§ **ASSIGNMENT**
Without reproducing any picture, copy the records word for word.

§ **AVAILABLE RECORDS**

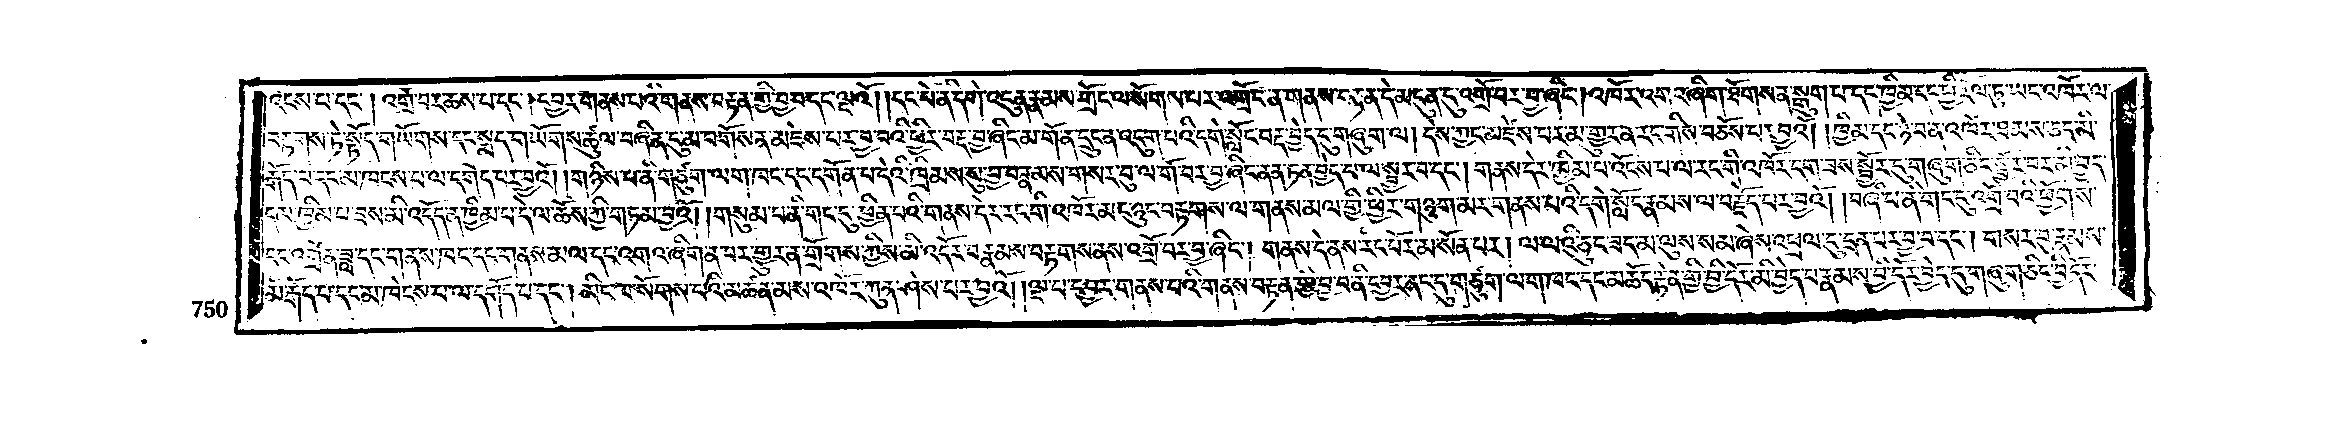འོངས་པ་དང་། འགྲོ་བར་ཆས་པ་དང་། དབྱར་གནས་པའི་གནས་བརྟན་གྱི་བྱ་བ་དང་ལྔའོ། །དང་པོ་ནི་དགེ་འདུན་རྣམས་གྲོང་ལ་སོགས་པར་འགྲོང་?་ན་གནས་བརྟན་དེ་མདུན་དུ་འགྲོ་བར་བྱ་ཞིང་། འཁོར་འགའ་ཞིག་ཐོགས་ན་སྒུག་པ་དང་ཁྱིམ་དང་ཕྱི་རོལ་ཏུ་ཡང་འཁོར་ལ་
བརྟགས་ཏེ་སྟོད་གཡོགས་དང་སྨད་གཡོགས་ཚུལ་བཞིན་དུ་མ་བགོས་ན་མཛེས་པར་བྱ་བའི་ཕྱིར་བརྡ་བྱ་ཞིང་མ་གོ་ན་དྲུང་ན་འདུག་པའི་དགེ་སློང་བརྡ་བྱེད་དུ་གཞུག་ལ། དེས་ཀྱང་མཛེས་པར་མ་གྱུར་ན་རང་གིས་བཅོས་པར་བྱའོ། །ཁྱིམ་དང་ཉེ་བ་ན་འཁོར་ཐམས་ཅད་མི་
རྒོད་པ་དང་མ་ཁངས་པ་ལ་དགོད་པར་བྱའོ། །གཉིས་པ་ནི་གཙུག་ལག་ཁང་དང་དགོན་པ་དེའི་ཁྲིམས་སུ་བྱ་བ་རྣམས་གསར་བུ་ལ་གོ་བར་བྱ་ཞིང་ནན་ཏན་བྱེད་པ་ལ་སྦྱར་བ་དང་། གནས་དེར་ཁྱིམ་པ་འོངས་པ་ལ་རང་གི་འཁོར་དག་ཟས་སྦྱོར་དུ་གཞུག་ཅིང་སྦྱོར་བར་མི་བྱེད་
དམ་ཁྱིམ་པ་ཟས་མི་འདོད་ན་ཁྱིམ་པ་དེ་ལ་ཆོས་ཀྱི་གཏམ་བྱའོ། །གསུམ་པ་ནི་གང་དུ་ཕྱིན་པའི་གནས་དེར་རང་གི་འཁོར་མང་ཉུང་བརྟགས་ལ་གནས་མལ་གྱི་ཕྱིར་གཉུག་མར་གནས་པའི་དགེ་སློང་རྣམས་ལ་བརྗོད་པར་བྱའོ། །བཞི་པ་ནི་གང་དུ་འགྲོ་བའི་ཕྱོགས་
དང་འགྲོན་ཟླ་དང་གནས་ཁང་དང་གནས་མལ་དང་འགའ་ཞིག་ན་བར་གྱུར་ན་གྲོགས་ཀྱིས་མི་འདོར་བ་རྣམས་བརྟགས་ནས་འགྲོ་བར་བྱ་ཞིང་། གནས་དེ་ནས་རིང་པོར་མ་སོན་པར། ལ་ལའི་ཅུང་ཟད་མ་ལུས་སམ་ཞེས་འཕྲལ་དུ་དྲན་པར་བྱ་བ་དང་། གསར་བུ་རྣམས་
མི་རྒོད་པ་དང་མ་ཁེངས་པ་ལ་དགོད་པ་དང་། མིང་ལ་སོགས་པའི་མཚན་མས་འཁོར་ཀུན་ཤེས་པར་བྱའོ། །ལྔ་པ་དབྱར་གནས་པའི་གནས་བརྟན་གྱི་བྱ་བ་ནི་དབྱར་ནང་དུ་གཙུག་ལག་ཁང་དང་མཆོད་རྟེན་གྱི་བྱི་དོར་མི་བྱེད་པ་རྣམས་བྱི་དོར་བྱེད་དུ་གཞུག་ཅིང་བྱི་དོར་

§ **EXERCISE ANSWER**
འོངས་པ་དང་། འགྲོ་བར་ཆས་པ་དང་། དབྱར་གནས་པའི་གནས་བརྟན་གྱི་བྱ་བ་དང་ལྔའོ། །དང་པོ་ནི་དགེ་འདུན་རྣམས་གྲོང་ལ་སོགས་པར་འགྲོང་?་ན་གནས་བརྟན་དེ་མདུན་དུ་འགྲོ་བར་བྱ་ཞིང་། འཁོར་འགའ་ཞིག་ཐོགས་ན་སྒུག་པ་དང་ཁྱིམ་དང་ཕྱི་རོལ་ཏུ་ཡང་འཁོར་ལ་
བརྟགས་ཏེ་སྟོད་གཡོགས་དང་སྨད་གཡོགས་ཚུལ་བཞིན་དུ་མ་བགོས་ན་མཛེས་པར་བྱ་བའི་ཕྱིར་བརྡ་བྱ་ཞིང་མ་གོ་ན་དྲུང་ན་འདུག་པའི་དགེ་སློང་བརྡ་བྱེད་དུ་གཞུག་ལ། དེས་ཀྱང་མཛེས་པར་མ་གྱུར་ན་རང་གིས་བཅོས་པར་བྱའོ། །ཁྱིམ་དང་ཉེ་བ་ན་འཁོར་ཐམས་ཅད་མི་
རྒོད་པ་དང་མ་ཁངས་པ་ལ་དགོད་པར་བྱའོ། །གཉིས་པ་ནི་གཙུག་ལག་ཁང་དང་དགོན་པ་དེའི་ཁྲིམས་སུ་བྱ་བ་རྣམས་གསར་བུ་ལ་གོ་བར་བྱ་ཞིང་ནན་ཏན་བྱེད་པ་ལ་སྦྱར་བ་དང་། གནས་དེར་ཁྱིམ་པ་འོངས་པ་ལ་རང་གི་འཁོར་དག་ཟས་སྦྱོར་དུ་གཞུག་ཅིང་སྦྱོར་བར་མི་བྱེད་
དམ་ཁྱིམ་པ་ཟས་མི་འདོད་ན་ཁྱིམ་པ་དེ་ལ་ཆོས་ཀྱི་གཏམ་བྱའོ། །གསུམ་པ་ནི་གང་དུ་ཕྱིན་པའི་གནས་དེར་རང་གི་འཁོར་མང་ཉུང་བརྟགས་ལ་གནས་མལ་གྱི་ཕྱིར་གཉུག་མར་གནས་པའི་དགེ་སློང་རྣམས་ལ་བརྗོད་པར་བྱའོ། །བཞི་པ་ནི་གང་དུ་འགྲོ་བའི་ཕྱོགས་
དང་འགྲོན་ཟླ་དང་གནས་ཁང་དང་གནས་མལ་དང་འགའ་ཞིག་ན་བར་གྱུར་ན་གྲོགས་ཀྱིས་མི་འདོར་བ་རྣམས་བརྟགས་ནས་འགྲོ་བར་བྱ་ཞིང་། གནས་དེ་ནས་རིང་པོར་མ་སོན་པར། ལ་ལའི་ཅུང་ཟད་མ་ལུས་སམ་ཞེས་འཕྲལ་དུ་དྲན་པར་བྱ་བ་དང་། གསར་བུ་རྣམས་
མི་རྒོད་པ་དང་མ་ཁེངས་པ་ལ་དགོད་པ་དང་། མིང་ལ་སོགས་པའི་མཚན་མས་འཁོར་ཀུན་ཤེས་པར་བྱའོ། །ལྔ་པ་དབྱར་གནས་པའི་གནས་བརྟན་གྱི་བྱ་བ་ནི་དབྱར་ནང་དུ་གཙུག་ལག་ཁང་དང་མཆོད་རྟེན་གྱི་བྱི་དོར་མི་བྱེད་པ་རྣམས་བྱི་དོར་བྱེད་དུ་གཞུག་ཅིང་བྱི་དོར་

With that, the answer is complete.